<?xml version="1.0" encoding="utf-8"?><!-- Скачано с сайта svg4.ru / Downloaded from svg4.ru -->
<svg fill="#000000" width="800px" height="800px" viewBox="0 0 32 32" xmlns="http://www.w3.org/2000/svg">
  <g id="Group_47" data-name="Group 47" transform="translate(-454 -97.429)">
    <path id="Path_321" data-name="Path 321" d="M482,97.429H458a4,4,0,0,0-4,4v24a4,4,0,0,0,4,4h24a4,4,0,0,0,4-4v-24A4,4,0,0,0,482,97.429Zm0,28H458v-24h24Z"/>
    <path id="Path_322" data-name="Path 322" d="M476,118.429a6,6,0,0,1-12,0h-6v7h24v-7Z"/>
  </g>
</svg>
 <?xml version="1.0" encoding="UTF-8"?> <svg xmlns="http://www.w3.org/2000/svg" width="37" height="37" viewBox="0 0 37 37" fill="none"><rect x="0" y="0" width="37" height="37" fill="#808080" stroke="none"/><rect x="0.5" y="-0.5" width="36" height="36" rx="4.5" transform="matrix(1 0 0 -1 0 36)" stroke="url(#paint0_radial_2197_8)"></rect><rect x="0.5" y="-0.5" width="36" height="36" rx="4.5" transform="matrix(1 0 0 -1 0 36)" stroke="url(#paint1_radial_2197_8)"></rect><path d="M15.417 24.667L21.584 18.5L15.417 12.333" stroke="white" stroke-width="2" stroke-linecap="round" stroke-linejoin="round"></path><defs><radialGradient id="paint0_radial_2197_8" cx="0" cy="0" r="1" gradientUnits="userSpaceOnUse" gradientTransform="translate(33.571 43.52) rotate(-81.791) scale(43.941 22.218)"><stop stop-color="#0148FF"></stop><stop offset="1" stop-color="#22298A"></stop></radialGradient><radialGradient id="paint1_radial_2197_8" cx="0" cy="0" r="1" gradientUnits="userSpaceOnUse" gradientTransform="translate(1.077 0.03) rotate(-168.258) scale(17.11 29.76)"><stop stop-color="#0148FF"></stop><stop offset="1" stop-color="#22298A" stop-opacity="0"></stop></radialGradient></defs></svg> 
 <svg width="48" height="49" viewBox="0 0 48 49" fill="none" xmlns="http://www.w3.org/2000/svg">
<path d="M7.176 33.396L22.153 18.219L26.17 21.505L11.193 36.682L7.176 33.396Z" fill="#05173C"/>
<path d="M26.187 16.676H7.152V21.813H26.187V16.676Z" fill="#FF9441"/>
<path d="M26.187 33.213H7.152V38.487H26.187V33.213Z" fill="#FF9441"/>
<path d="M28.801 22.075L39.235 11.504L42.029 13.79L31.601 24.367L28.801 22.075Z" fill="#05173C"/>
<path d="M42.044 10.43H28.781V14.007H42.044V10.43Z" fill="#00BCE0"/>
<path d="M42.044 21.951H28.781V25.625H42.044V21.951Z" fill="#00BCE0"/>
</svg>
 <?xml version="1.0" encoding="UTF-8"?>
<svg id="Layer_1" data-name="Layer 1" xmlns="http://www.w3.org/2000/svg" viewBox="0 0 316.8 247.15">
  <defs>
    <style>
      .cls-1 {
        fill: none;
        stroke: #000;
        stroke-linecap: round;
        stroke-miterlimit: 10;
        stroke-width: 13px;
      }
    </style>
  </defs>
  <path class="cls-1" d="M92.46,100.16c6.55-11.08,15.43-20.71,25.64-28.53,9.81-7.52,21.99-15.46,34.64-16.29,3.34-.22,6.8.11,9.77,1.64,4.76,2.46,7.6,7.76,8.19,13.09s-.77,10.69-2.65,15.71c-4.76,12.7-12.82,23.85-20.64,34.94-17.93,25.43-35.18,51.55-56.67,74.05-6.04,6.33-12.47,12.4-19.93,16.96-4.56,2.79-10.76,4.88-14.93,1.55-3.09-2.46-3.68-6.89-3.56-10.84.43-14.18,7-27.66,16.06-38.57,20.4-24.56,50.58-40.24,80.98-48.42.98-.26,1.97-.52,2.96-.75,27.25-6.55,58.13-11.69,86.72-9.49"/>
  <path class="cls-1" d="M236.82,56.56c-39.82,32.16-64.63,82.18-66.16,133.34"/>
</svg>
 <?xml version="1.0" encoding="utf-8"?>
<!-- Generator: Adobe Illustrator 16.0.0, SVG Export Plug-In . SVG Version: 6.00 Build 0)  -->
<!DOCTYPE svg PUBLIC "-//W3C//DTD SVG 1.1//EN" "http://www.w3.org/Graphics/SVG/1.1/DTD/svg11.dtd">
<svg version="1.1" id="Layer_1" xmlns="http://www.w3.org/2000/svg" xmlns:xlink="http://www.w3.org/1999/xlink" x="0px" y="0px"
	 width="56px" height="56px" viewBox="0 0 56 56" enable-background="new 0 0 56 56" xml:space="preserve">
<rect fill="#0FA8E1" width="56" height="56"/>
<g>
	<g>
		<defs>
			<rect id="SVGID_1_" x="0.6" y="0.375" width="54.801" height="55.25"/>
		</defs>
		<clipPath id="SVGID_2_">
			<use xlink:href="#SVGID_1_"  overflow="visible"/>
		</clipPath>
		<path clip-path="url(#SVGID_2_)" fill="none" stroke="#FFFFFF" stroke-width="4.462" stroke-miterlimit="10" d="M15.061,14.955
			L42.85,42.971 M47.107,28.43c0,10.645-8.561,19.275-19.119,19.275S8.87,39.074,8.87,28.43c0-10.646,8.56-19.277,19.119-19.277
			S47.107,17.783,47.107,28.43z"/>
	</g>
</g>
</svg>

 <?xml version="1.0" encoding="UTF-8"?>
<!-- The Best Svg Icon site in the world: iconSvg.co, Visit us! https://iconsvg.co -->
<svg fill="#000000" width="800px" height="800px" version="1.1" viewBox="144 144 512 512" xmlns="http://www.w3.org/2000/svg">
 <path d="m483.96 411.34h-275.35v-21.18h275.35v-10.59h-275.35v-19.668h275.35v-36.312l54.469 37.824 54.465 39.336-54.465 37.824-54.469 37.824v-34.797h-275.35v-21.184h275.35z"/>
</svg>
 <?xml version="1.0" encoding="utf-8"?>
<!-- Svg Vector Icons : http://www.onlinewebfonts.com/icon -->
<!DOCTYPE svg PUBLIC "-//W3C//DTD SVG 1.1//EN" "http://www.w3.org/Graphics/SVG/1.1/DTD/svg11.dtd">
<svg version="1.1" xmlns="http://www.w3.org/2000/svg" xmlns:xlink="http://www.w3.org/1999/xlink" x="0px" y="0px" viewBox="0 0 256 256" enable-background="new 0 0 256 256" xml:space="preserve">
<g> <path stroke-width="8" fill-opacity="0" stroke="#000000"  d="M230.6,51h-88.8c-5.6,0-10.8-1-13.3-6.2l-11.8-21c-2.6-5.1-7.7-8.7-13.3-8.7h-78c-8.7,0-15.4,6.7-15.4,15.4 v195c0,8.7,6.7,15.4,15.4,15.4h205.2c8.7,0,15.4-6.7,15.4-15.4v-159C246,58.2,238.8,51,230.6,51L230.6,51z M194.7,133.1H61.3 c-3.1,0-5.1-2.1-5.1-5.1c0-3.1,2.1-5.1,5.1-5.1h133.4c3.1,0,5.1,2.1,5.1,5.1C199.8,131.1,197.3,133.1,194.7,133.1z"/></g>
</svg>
• • •
*Work task*
Return each line of the data that contains the string "enable".

*Expected answer*
	 width="56px" height="56px" viewBox="0 0 56 56" enable-background="new 0 0 56 56" xml:space="preserve">
<svg version="1.1" xmlns="http://www.w3.org/2000/svg" xmlns:xlink="http://www.w3.org/1999/xlink" x="0px" y="0px" viewBox="0 0 256 256" enable-background="new 0 0 256 256" xml:space="preserve">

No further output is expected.